Since 2007, U.S. fuel producers have been required by law to include more and more ethanol and other biofuels in their blends.

Now, Pike Research suggests, the biofuels mandate enacted as part of the 2007 U.S. Energy Act may be vulnerable to renewed political pressure.

Pike notes that the drawbacks of conventionally produced biofuels--based on corn in the U.S. and rapeseed in Europe--are becoming more apparent at the same time that anticipated production of advanced biofuels has failed to materialize.

"Wish" not science

In January, a Federal appeals court tossed out the EPA's "cellulosic" ethanol requirement, saying it was based on a "wish" rather than factors fuel refiners could actually control.

The EPA had upheld its mandate last November despite a request from several parties that it be suspended.

So-called ellulosic biofuel is made from wood chips or the inedible parts of plants, including corncobs.
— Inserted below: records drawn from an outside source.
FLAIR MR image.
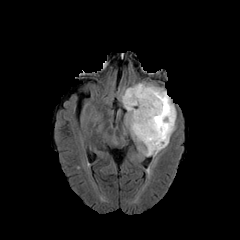
T1-weighted magnetic resonance.
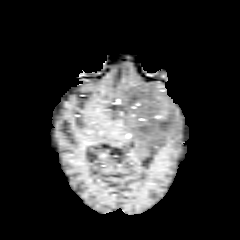
Post-contrast T1-weighted MRI.
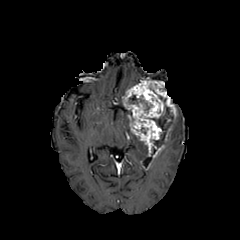
T2-weighted MRI.
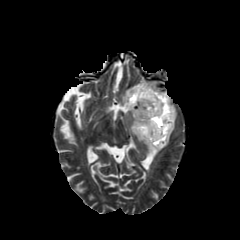
240x240, Brain
<segmentation>
  <edema>rect(123, 110, 148, 157); rect(151, 118, 176, 161); rect(119, 82, 141, 102)</edema>
  <non-enhancing_tumor_core>rect(150, 95, 173, 147); rect(128, 95, 152, 109)</non-enhancing_tumor_core>
  <enhancing_tumor>rect(122, 81, 176, 155); rect(165, 125, 172, 142)</enhancing_tumor>
</segmentation>
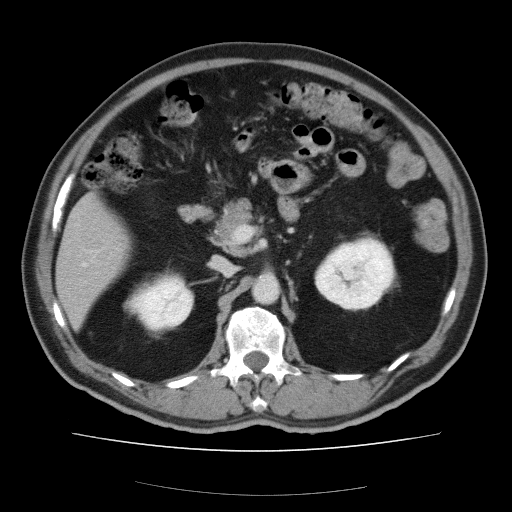

CT image; Abdomen

Only some of the vessels may be annotated.
Hepatic vessel at 82:262:85:265.

In 2011, refiners had been required to blend 6.6 million gallons into gasoline and diesel vehicle fuels--although none was available on the market--and the 2012 quota rose to 8.65 million gallons.

Producers and refiners of fuels had already failed to meet the 2011 mandate--and paid $7 million in fines--due to lack of supplies.

Banning E15?

Now two bills recently introduced into Congress seek to delay or ban altogether the sale of E15 gasoline, which contains 15 percent ethanol rather than the 10-percent maximum standard since 1978.
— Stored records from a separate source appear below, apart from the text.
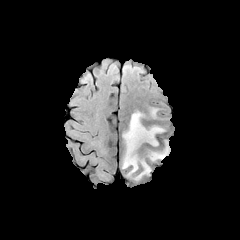
FLAIR magnetic resonance.
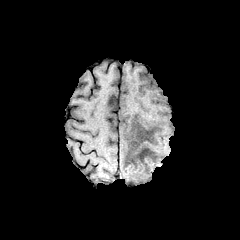
T1-weighted magnetic resonance.
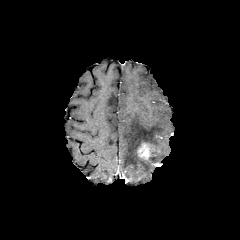
Post-contrast T1-weighted MRI of the same slice.
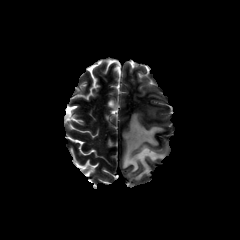
T2-weighted MRI.
Brain
The enhancing tumor appears at left=137, top=143, right=150, bottom=159. 2 edema regions appear at left=148, top=149, right=167, bottom=161; left=123, top=113, right=163, bottom=179.
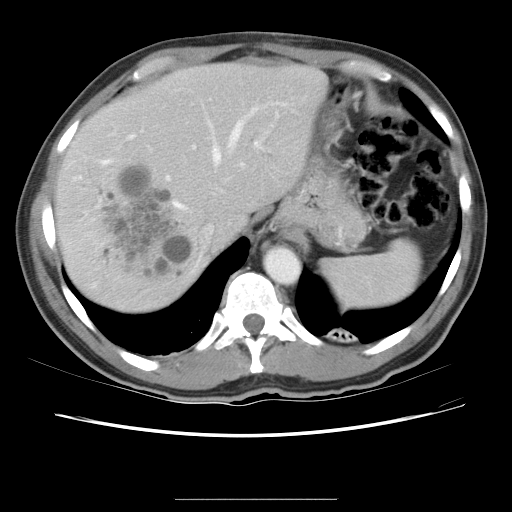

CT image

The vessel annotation is not exhaustive.
Hepatic vessel: bbox(190, 258, 200, 273); bbox(254, 140, 262, 148); bbox(240, 162, 244, 166); bbox(128, 134, 134, 138); bbox(102, 159, 109, 163); bbox(166, 175, 169, 179); bbox(207, 225, 213, 231); bbox(212, 147, 220, 163); bbox(250, 106, 256, 114); bbox(229, 121, 242, 147); bbox(207, 119, 214, 138); bbox(192, 146, 195, 147); bbox(223, 179, 224, 180).
Liver tumor: bbox(94, 161, 196, 282).

As Hemmings Motor News noted last week, House Bill 875 requires that sales of E15 be suspended for at least 18 months while more testing is done of its effects on older cars and the large variety of small combustion engines that were never designed to accommodate that fuel.

Senate Bill 344 simply suspends the sale of E15 gasoline altogether.

The Renewable Fuel Standard (RFS) that carries out provisions of the 2007 Energy Independence and Security Act passed by Congress mandates that 36 billion gallons of ethanol to be used to fuel U.S. by 2022. That's more than three times the 11.1 billion gallons that were used in 2010.

But in December 2011, in the first sign of waning support for ethanol--long a main plank of the agriculture lobby--Congress ended subsidies for ethanol production that had been in place since 1980, along with import tariffs on imported ethanol.

The decline in support for ethanol, including the fight against E15, may signal a sea change in the political winds for the gasoline additive.

2012 Volkswagen Passat TDI test car running on Solazyme algae-derived diesel fuel

2012 Volkswagen Passat TDI test car running on Solazyme algae-derived diesel fuel

Biodiesel ascendant?

On the other hand, tests are now underway on sustainable diesel fuel--which is, admittedly, at a much earlier stage than the millions of gallons of ethanol being produced at  multiple operating U.S. refineries today.

Those include tests of algae-based biodiesel in Volkswagen TDI diesel cars, and the first commercial jet route using biofuel on a regular basis.

What do you think?

Is this just a tempest in a teapot: political posturing that won't end up affecting the slow rollout of E15 and other biofuels?

Or are we heading toward a tipping point where the mandates that specify increasing volumes of biofuels to be blended into our national fuel supply might actually fall?